### [What the task asks]
The answer must consist of every line from the data that holds "black".

### [Task data]
***
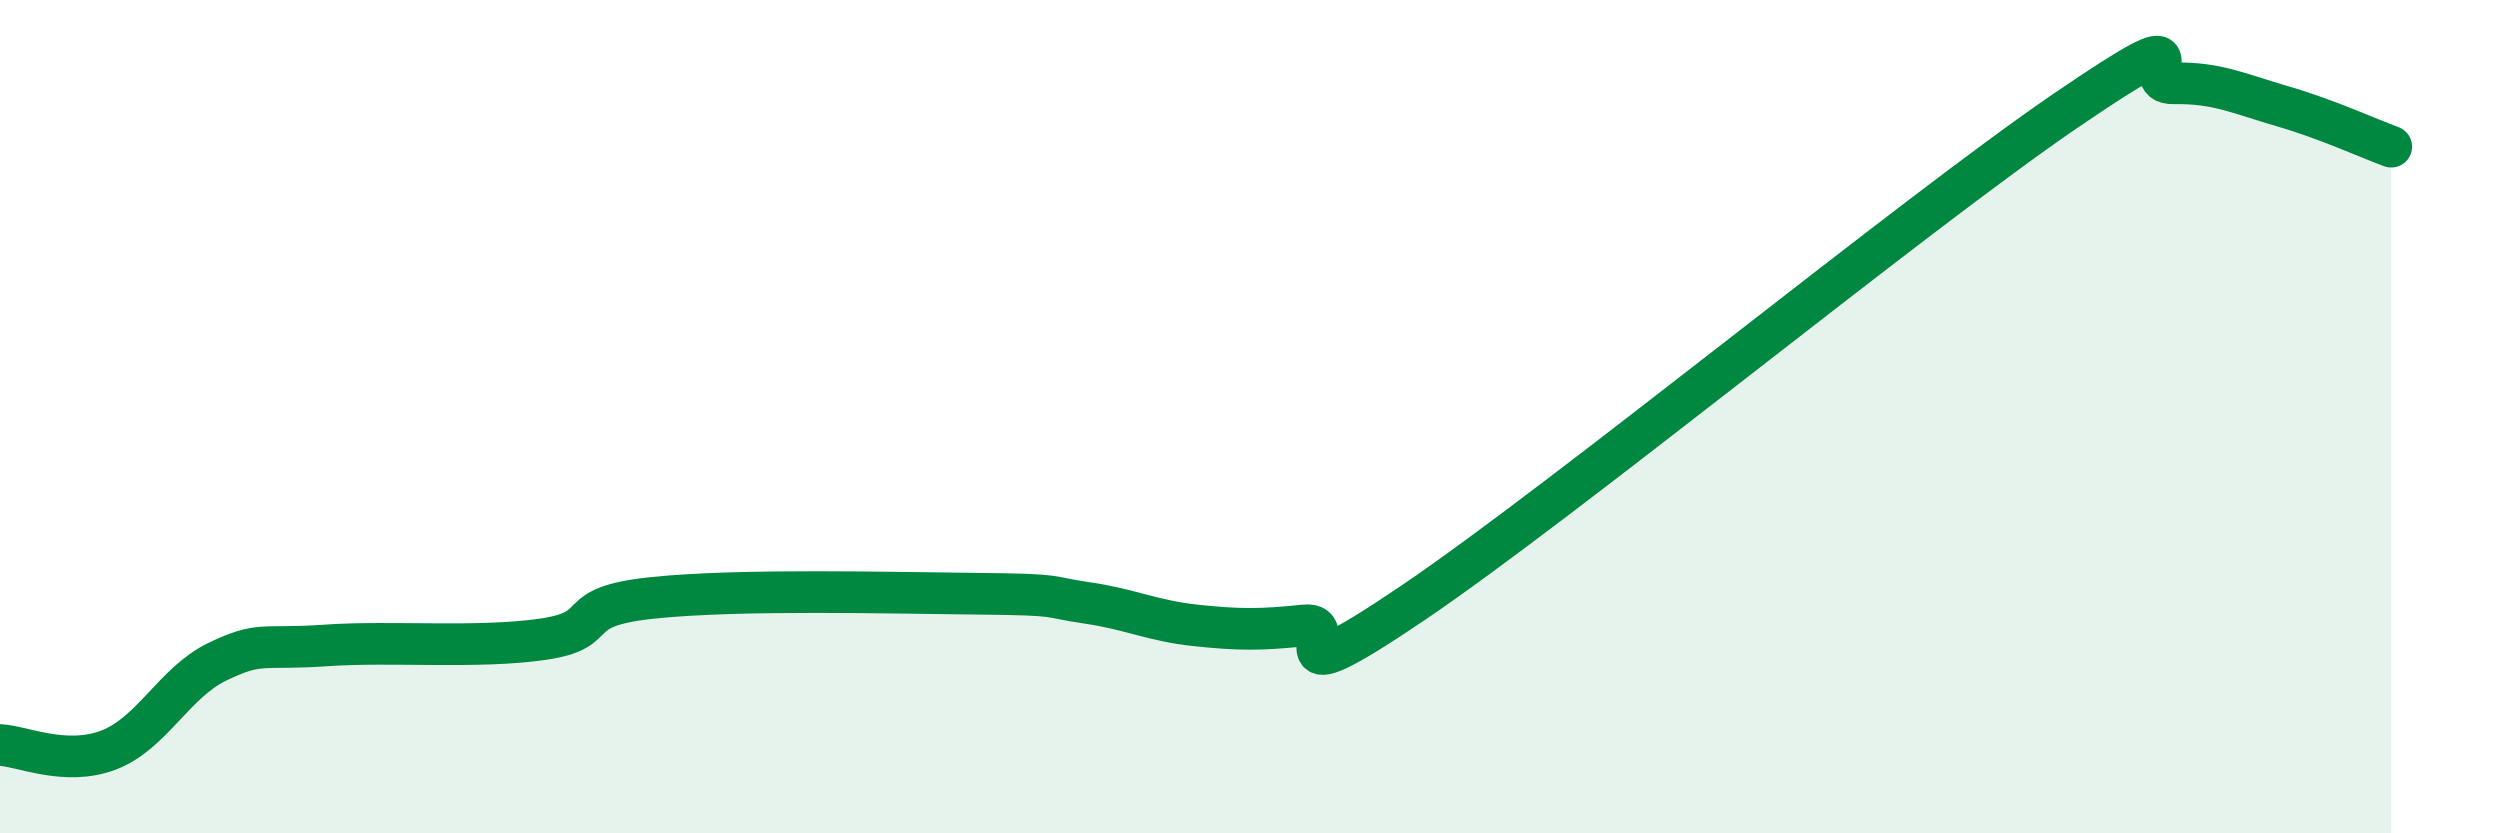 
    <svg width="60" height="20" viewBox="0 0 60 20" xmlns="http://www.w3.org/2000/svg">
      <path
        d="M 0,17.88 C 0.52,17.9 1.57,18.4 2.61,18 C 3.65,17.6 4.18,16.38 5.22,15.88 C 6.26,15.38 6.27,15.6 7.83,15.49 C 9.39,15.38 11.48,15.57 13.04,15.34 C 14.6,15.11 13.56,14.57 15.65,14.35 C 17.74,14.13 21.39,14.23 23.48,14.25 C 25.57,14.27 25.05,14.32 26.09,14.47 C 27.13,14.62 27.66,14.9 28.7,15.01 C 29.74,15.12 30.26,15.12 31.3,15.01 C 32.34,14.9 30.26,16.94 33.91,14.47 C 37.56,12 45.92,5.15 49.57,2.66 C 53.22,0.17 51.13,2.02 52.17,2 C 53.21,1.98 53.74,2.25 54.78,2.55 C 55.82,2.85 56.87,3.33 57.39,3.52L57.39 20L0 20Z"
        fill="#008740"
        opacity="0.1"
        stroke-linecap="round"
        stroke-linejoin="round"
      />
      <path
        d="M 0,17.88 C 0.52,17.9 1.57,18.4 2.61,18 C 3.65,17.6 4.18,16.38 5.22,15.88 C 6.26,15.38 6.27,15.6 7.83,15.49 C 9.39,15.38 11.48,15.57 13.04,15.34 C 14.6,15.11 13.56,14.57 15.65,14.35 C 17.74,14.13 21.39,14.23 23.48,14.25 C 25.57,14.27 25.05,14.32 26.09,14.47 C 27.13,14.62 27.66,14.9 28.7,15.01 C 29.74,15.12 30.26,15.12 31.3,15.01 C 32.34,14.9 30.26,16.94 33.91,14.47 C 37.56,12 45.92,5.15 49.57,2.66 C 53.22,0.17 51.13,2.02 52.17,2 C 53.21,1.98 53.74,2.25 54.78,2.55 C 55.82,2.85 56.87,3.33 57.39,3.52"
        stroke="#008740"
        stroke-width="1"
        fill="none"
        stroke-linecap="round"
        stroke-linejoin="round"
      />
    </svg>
***
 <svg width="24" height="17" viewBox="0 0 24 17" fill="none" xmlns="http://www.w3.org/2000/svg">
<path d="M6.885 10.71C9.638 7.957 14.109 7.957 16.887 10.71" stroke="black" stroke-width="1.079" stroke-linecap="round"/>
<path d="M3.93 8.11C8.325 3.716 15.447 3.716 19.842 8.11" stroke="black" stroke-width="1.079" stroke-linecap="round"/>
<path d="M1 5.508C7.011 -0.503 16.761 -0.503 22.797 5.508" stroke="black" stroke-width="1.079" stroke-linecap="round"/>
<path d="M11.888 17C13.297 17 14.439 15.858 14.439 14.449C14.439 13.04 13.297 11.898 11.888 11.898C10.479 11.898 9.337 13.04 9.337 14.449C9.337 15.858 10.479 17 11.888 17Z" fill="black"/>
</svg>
***
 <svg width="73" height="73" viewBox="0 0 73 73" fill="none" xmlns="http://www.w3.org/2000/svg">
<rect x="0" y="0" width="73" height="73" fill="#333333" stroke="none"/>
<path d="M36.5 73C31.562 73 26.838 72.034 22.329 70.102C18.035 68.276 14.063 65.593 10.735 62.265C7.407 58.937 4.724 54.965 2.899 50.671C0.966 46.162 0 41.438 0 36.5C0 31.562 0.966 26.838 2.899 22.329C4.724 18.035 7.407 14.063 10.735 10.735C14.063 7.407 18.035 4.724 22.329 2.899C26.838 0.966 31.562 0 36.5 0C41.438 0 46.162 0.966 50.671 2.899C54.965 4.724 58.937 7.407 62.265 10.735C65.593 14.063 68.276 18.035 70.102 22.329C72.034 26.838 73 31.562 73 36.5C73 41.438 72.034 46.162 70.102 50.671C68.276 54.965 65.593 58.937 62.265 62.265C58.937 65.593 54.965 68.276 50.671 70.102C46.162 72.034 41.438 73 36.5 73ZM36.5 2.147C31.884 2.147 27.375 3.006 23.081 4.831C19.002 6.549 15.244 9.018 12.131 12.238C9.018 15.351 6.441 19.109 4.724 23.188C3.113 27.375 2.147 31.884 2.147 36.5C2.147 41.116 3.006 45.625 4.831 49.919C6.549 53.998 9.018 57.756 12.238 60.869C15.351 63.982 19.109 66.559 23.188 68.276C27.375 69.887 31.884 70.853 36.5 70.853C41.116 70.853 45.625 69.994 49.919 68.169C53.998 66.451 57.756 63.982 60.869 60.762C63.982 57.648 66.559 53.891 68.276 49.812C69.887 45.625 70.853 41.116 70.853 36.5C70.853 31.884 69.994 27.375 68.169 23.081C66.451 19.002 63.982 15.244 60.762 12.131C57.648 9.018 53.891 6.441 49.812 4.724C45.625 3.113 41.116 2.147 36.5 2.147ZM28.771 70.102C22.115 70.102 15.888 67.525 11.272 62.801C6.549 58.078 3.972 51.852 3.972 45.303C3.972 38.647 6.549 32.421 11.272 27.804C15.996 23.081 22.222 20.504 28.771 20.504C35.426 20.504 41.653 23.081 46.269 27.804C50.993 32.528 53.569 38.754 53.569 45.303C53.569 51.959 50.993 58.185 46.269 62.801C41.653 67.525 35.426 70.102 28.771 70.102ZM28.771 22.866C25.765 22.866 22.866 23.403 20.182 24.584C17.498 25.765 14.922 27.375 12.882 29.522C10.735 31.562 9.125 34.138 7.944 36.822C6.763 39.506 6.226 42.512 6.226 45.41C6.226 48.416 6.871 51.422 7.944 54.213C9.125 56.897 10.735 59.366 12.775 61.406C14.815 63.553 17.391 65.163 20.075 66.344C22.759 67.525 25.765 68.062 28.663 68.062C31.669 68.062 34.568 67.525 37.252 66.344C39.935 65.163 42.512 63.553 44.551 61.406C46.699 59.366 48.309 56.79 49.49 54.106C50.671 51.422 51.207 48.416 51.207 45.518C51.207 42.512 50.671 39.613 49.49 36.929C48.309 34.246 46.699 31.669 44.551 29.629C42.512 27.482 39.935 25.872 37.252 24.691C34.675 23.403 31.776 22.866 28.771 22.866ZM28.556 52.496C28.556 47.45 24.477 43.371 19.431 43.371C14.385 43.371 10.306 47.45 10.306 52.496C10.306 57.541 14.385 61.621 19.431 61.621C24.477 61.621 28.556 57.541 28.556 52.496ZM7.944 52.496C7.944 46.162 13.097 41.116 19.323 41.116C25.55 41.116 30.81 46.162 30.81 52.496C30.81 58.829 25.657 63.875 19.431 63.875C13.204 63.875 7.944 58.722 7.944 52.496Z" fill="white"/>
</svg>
***
### [Response box]
<path d="M6.885 10.71C9.638 7.957 14.109 7.957 16.887 10.71" stroke="black" stroke-width="1.079" stroke-linecap="round"/>
<path d="M3.93 8.11C8.325 3.716 15.447 3.716 19.842 8.11" stroke="black" stroke-width="1.079" stroke-linecap="round"/>
<path d="M1 5.508C7.011 -0.503 16.761 -0.503 22.797 5.508" stroke="black" stroke-width="1.079" stroke-linecap="round"/>
<path d="M11.888 17C13.297 17 14.439 15.858 14.439 14.449C14.439 13.04 13.297 11.898 11.888 11.898C10.479 11.898 9.337 13.04 9.337 14.449C9.337 15.858 10.479 17 11.888 17Z" fill="black"/>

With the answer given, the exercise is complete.